Unintended consequences of increasing block tariffs pricing policy in urban water

Authors


Abstract

[1] We exploit a unique data set to estimate the degree of economies of scale in water consumption, controlling for the standard demand factors. We found a linear Engel curve in water consumption: each additional household member consumes the same water quantity regardless of household size, except for a single-person household. Our evidence suggests that the increasing block tariffs (IBT) structure, which is indifferent to household size, has unintended consequences. Large households, which are also likely to be poor given the negative correlation between income and household size, are charged a higher price for water. The degree of economies of scale found here erodes the effectiveness of IBT price structure as a way to introduce an equity consideration. This implication is important in view of the global trend toward the use of IBT.

1. Introduction

[2] The main goal of this paper is to estimate the degree of economies of scale in urban water consumption exploiting a unique data set. We uncover the water demand structure with regard to household size. In particular, we explore what is the additional water consumption, as a result of an additional family member, for various household sizes.

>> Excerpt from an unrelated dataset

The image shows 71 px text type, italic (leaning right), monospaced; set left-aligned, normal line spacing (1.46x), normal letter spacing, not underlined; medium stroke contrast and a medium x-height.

[3] Water utilities and regulators in many countries are moving toward IBT (increasing block tariff) pricing structure. In this structure two or more prices for water are set, each price pertaining to consumption within a defined block. Efficiency and equity are the two commonly stated justifications for using that pricing structure. There are other arguments made in support of IBT such as discouraging wasteful use and promoting public health but these two intended justifications are commonly mentioned [see Whittington, 1992; Howe, 1998; Boland and Whittington, 2000; Organisation for Economic Co-operation and Development (OECD), 2003].

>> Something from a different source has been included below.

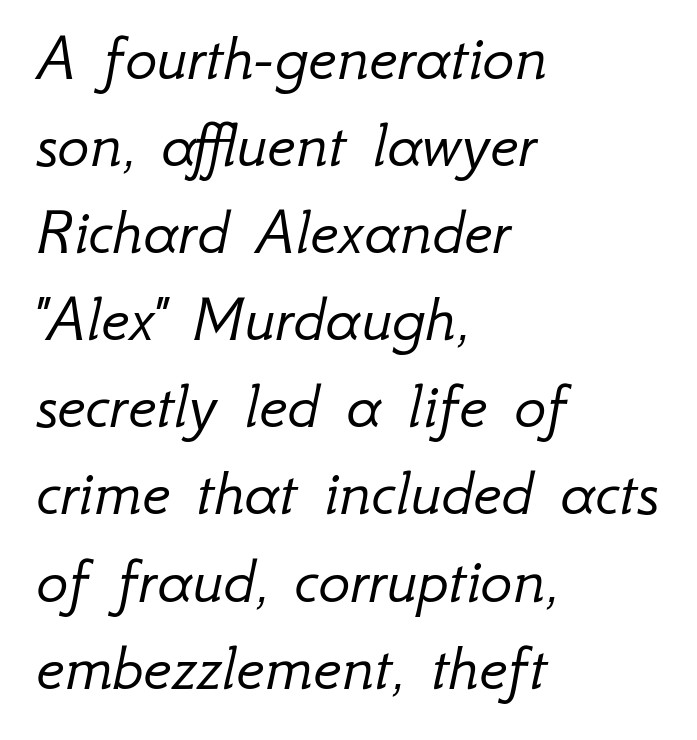
{"italic": "yes", "lean": "right", "slant_degrees": 12, "bold": "no", "weight": "light", "width": "normal", "stroke_contrast": "low", "x_height": "small", "monospaced": "no", "underline": "no", "align": "left", "line_spacing": "normal", "line_spacing_ratio": 1.3, "letter_spacing": "normal", "letter_spacing_em": 0.0, "glyph_px": 67}

[4] Yet, IBT may not be an optimal pricing structure even after taking equity consideration into account [Bös, 1994]. Under certain conditions IBT is an optimal pricing structure. Martin et al [1984] state that IBT is economically efficient and equitable if large consumers have stronger peak usage than small consumers. Boland and Whittington [2000] claim that in practice IBT is likely to promote inefficiency, unfairness and revenue instability in developing countries. However they also suggest that IBT may indeed increase equity but it depends on the size of the first block.

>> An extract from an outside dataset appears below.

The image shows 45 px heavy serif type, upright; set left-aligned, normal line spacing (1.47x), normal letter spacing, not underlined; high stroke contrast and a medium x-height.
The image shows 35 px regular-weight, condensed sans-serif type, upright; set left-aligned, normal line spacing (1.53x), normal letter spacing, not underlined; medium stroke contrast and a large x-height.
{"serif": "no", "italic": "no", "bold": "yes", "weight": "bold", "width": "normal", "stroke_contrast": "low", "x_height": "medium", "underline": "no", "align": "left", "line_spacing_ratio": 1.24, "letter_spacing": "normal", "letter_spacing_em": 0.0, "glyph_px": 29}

[5] Assuming that the high rate equals roughly the marginal cost, IBT pricing structure implies that those consumers who are at the lower blocks may pay a price that is below the marginal cost of producing water. From a point of view of resource management, this is clearly inefficient and yet IBT is in place in a growing number of countries. Presumably, promoting equity consideration plays a role in using IBT. The low rate at the initial block ensures that a minimum quantity of water is affordable for poor families. Subsidizing water might not be the most desirable way to solve the efficiency/equity tradeoff but this is beyond the scope of this paper.

[6] The concept of equity here refers to one prominent dimension which is the incidence of water expenditures across the income distribution, although there are other dimensions of equity in water policy that are not covered here (see OECD [2003] for a detailed discussion of other dimensions of equity). In this paper we provide empirical evidence on the extent of economies of scale in-household water consumption that allows us to examine the consequences of IBT on equity.

[7] When an IBT pricing structure is used, policymakers have to determine the range of water consumption at which the lowest price applies. This range may be a constant quantity of water or a function of household size. Whether the first block should be in accordance with household size depends on the assumptions underlying the normative model.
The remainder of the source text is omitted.